• [AIM OF THE TASK]:
Full transcription, minus images: write out the listing below exactly as it appears.

• [TASK INPUT]:

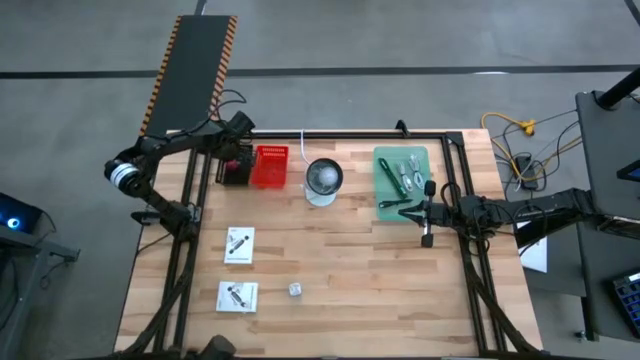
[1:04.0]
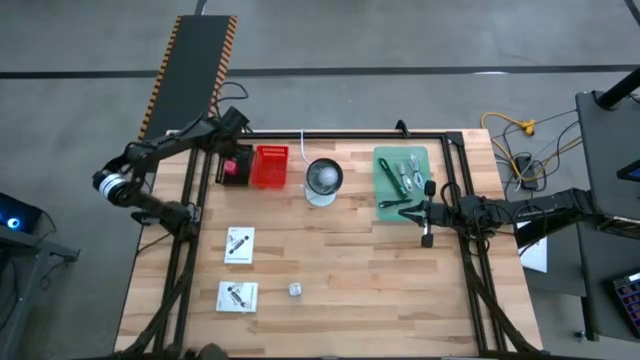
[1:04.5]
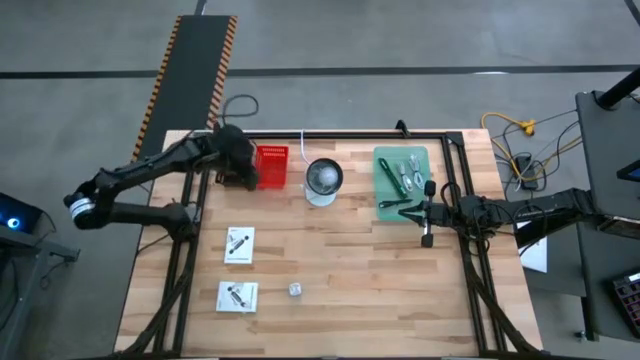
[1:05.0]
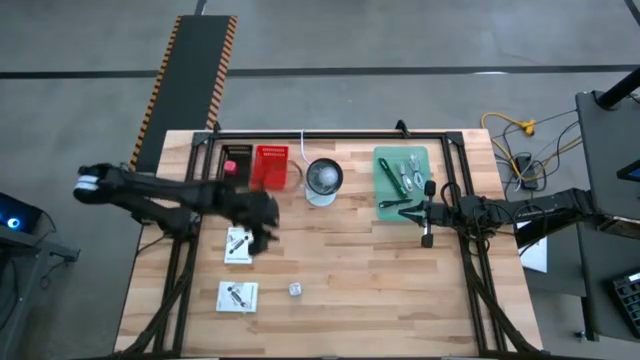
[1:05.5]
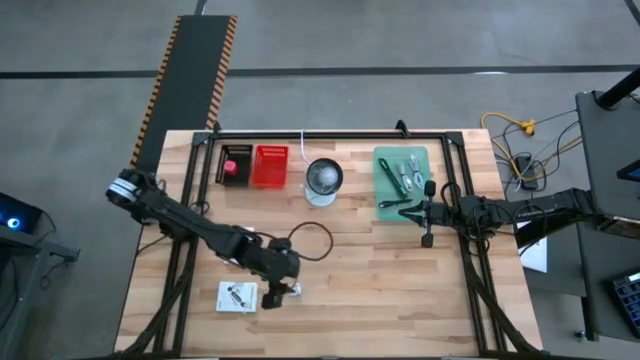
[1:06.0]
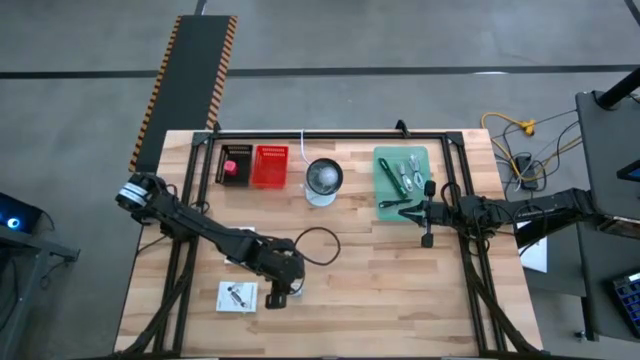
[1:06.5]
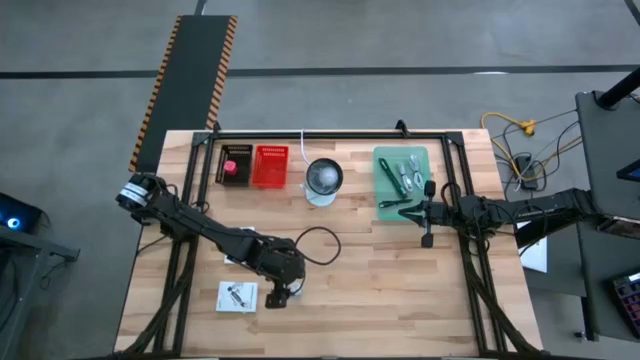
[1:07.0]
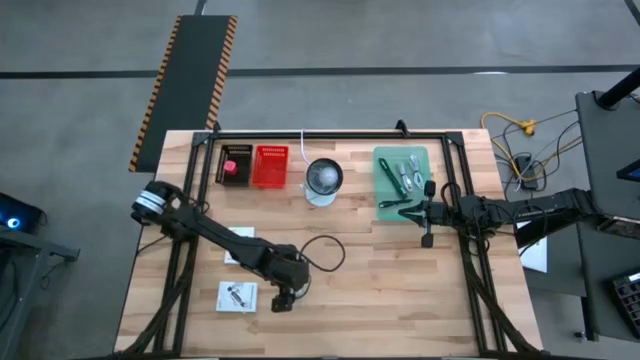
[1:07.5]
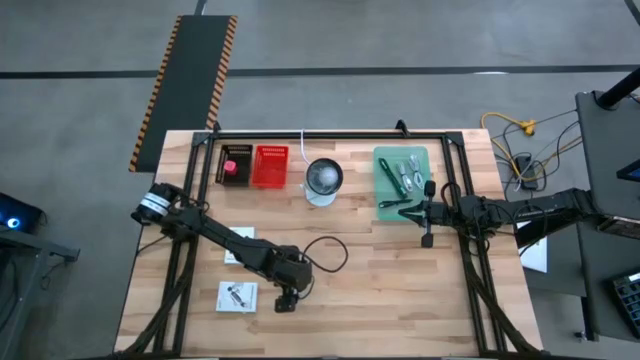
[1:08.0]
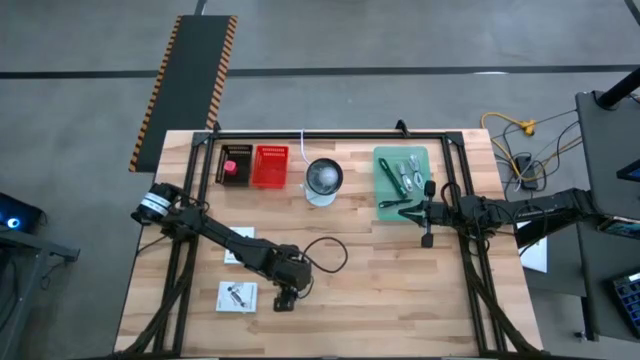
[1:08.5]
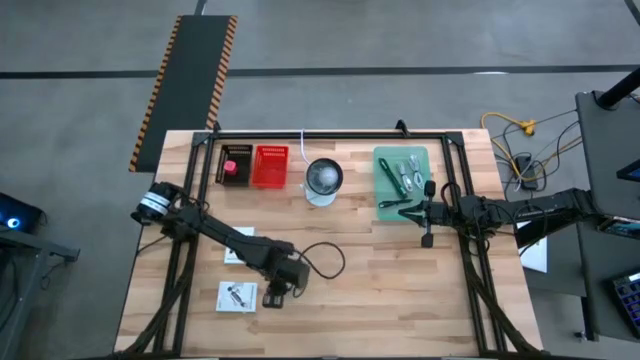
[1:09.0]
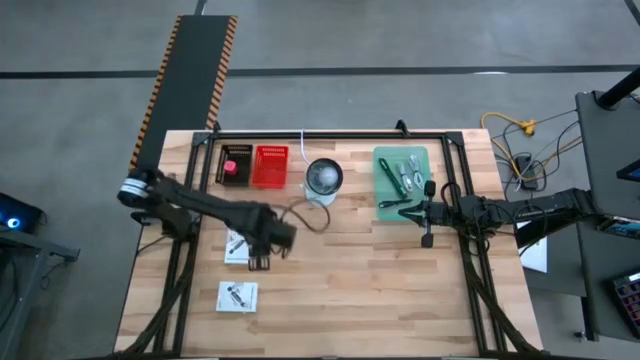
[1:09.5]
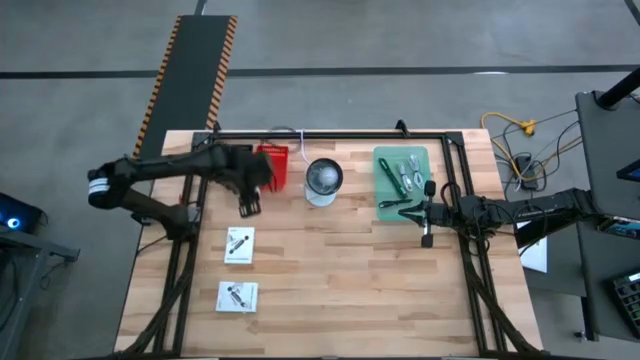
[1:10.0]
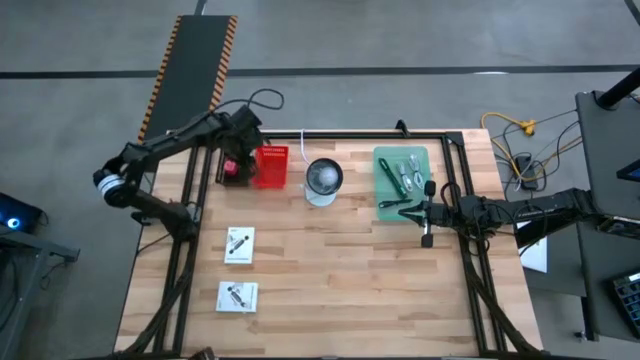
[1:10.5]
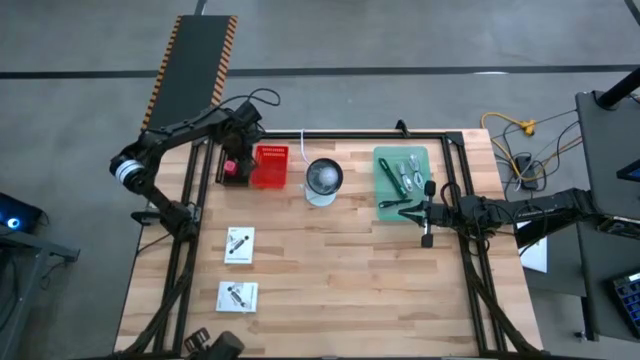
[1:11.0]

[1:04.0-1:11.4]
Task: Pick and place items into bin
Put the blue charger adapter into the black bin

• [SOLUTION BELOW]:
[1:04.0]
[1:04.5]
[1:05.0]
[1:05.5]
[1:06.0]
[1:06.5]
[1:07.0]
[1:07.5]
[1:08.0]
[1:08.5]
[1:09.0]
[1:09.5]
[1:10.0]
[1:10.5]
[1:11.0]

[1:04.0-1:11.4]
Task: Pick and place items into bin
Put the blue charger adapter into the black bin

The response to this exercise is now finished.